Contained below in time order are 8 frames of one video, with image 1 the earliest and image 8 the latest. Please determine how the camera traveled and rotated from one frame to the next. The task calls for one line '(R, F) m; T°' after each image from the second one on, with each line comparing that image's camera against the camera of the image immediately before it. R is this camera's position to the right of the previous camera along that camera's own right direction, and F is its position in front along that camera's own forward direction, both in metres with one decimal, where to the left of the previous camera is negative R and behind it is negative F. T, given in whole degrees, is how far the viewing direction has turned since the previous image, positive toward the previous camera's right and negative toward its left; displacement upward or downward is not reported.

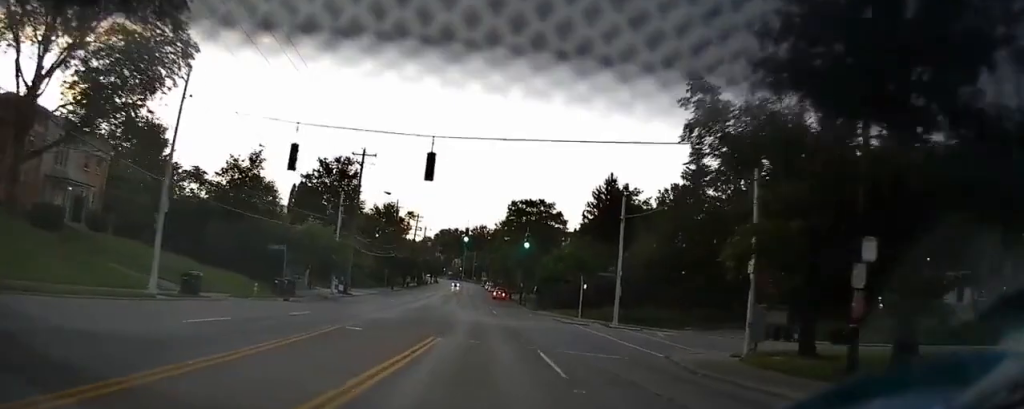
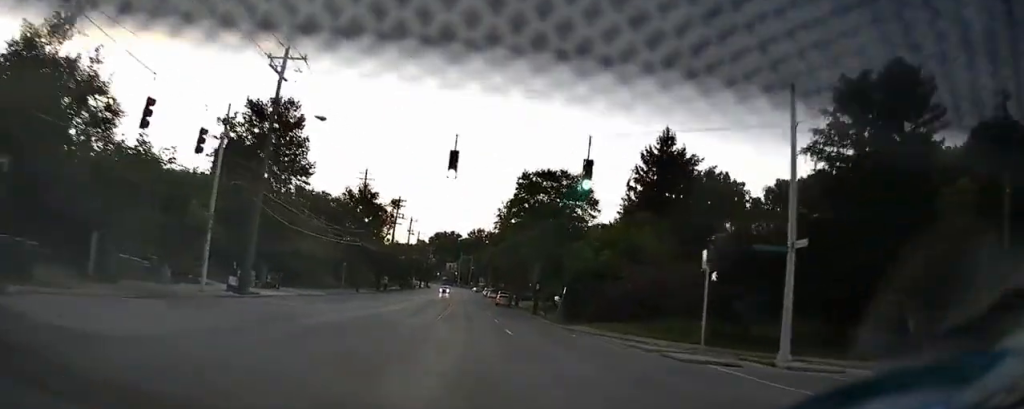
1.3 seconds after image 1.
(+0.1, +26.9) m; 0°
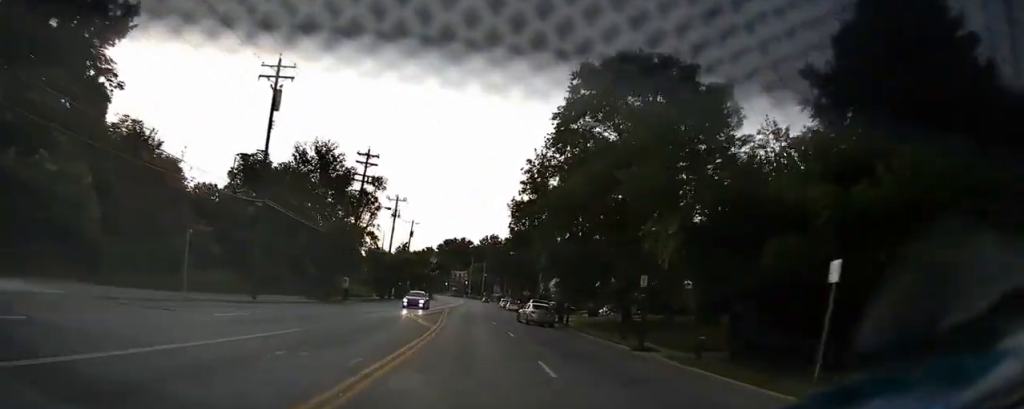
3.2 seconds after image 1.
(-0.3, +36.7) m; 0°
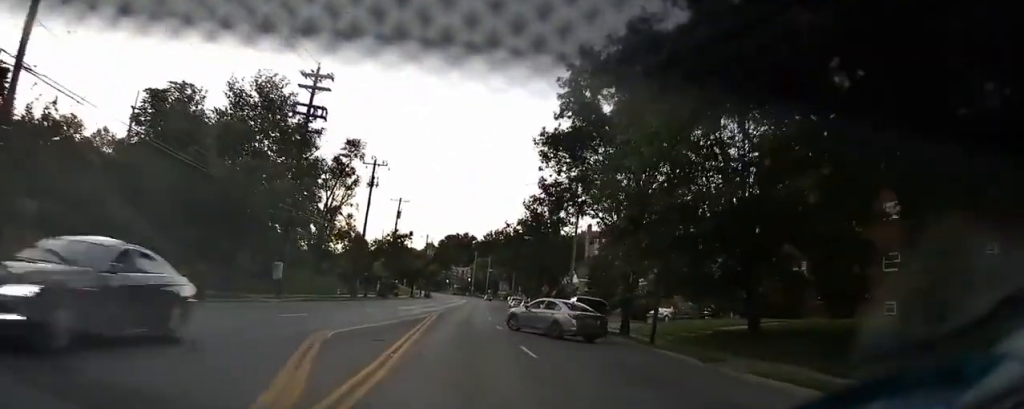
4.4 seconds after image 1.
(+0.3, +22.9) m; 0°
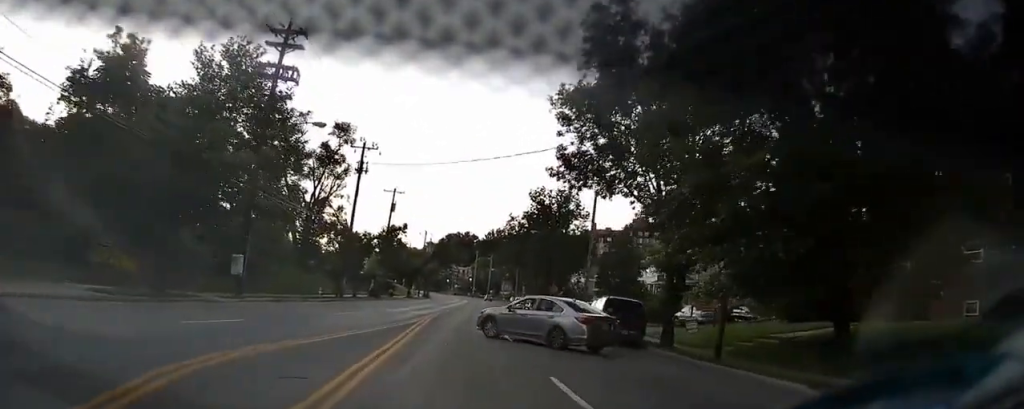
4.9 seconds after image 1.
(0.0, +8.0) m; -1°
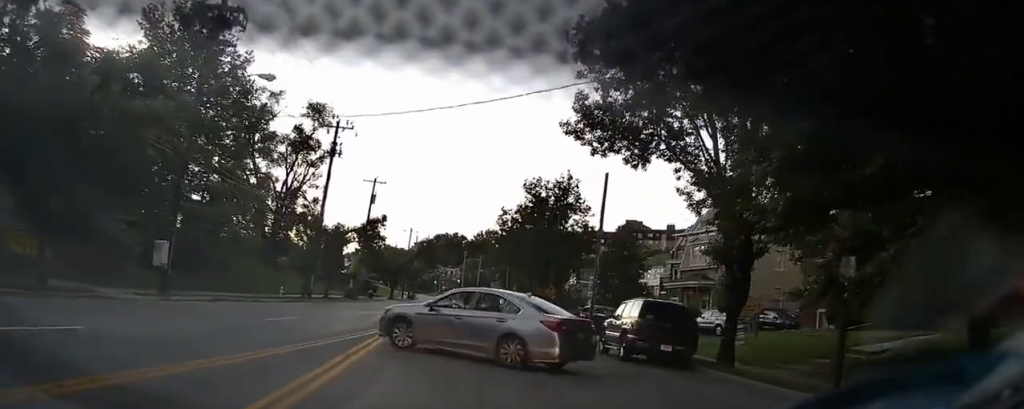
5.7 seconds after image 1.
(-0.1, +9.4) m; -2°
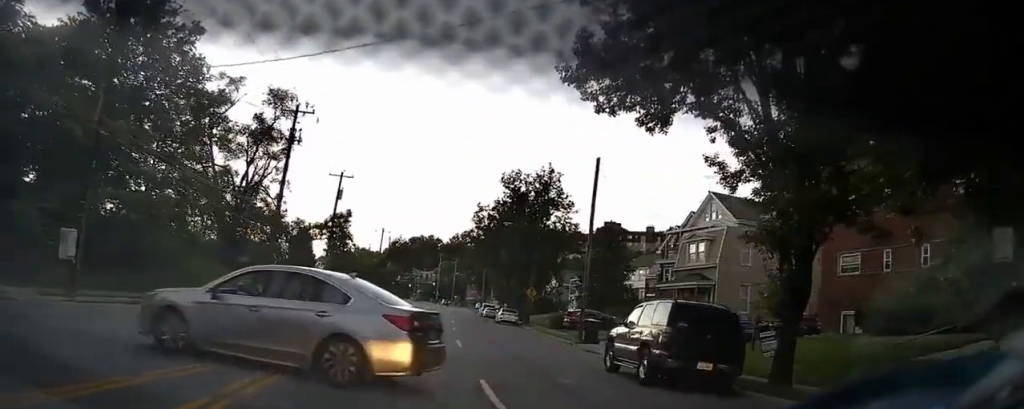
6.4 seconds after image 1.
(-0.3, +5.7) m; -1°
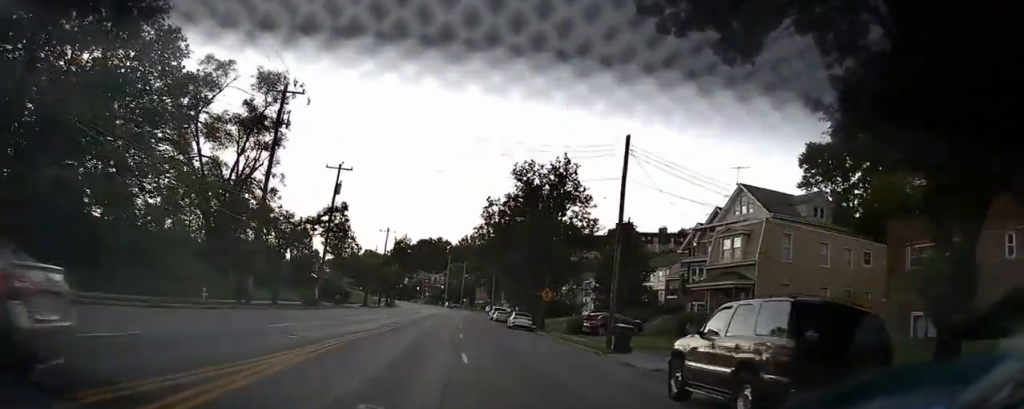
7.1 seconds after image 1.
(+0.1, +4.8) m; -1°
***
Using the material above, return every line exactly as it appears, minus the pictures.

Problem solution ::
Contained below in time order are 8 frames of one video, with image 1 the earliest and image 8 the latest. Please determine how the camera traveled and rotated from one frame to the next. The task calls for one line '(R, F) m; T°' after each image from the second one on, with each line comparing that image's camera against the camera of the image immediately before it. R is this camera's position to the right of the previous camera along that camera's own right direction, and F is its position in front along that camera's own forward direction, both in metres with one decimal, where to the left of the previous camera is negative R and behind it is negative F. T, given in whole degrees, is how far the viewing direction has turned since the previous image, positive toward the previous camera's right and negative toward its left; displacement upward or downward is not reported.

1.3 seconds after image 1.
(+0.1, +26.9) m; 0°
3.2 seconds after image 1.
(-0.3, +36.7) m; 0°
4.4 seconds after image 1.
(+0.3, +22.9) m; 0°
4.9 seconds after image 1.
(0.0, +8.0) m; -1°
5.7 seconds after image 1.
(-0.1, +9.4) m; -2°
6.4 seconds after image 1.
(-0.3, +5.7) m; -1°
7.1 seconds after image 1.
(+0.1, +4.8) m; -1°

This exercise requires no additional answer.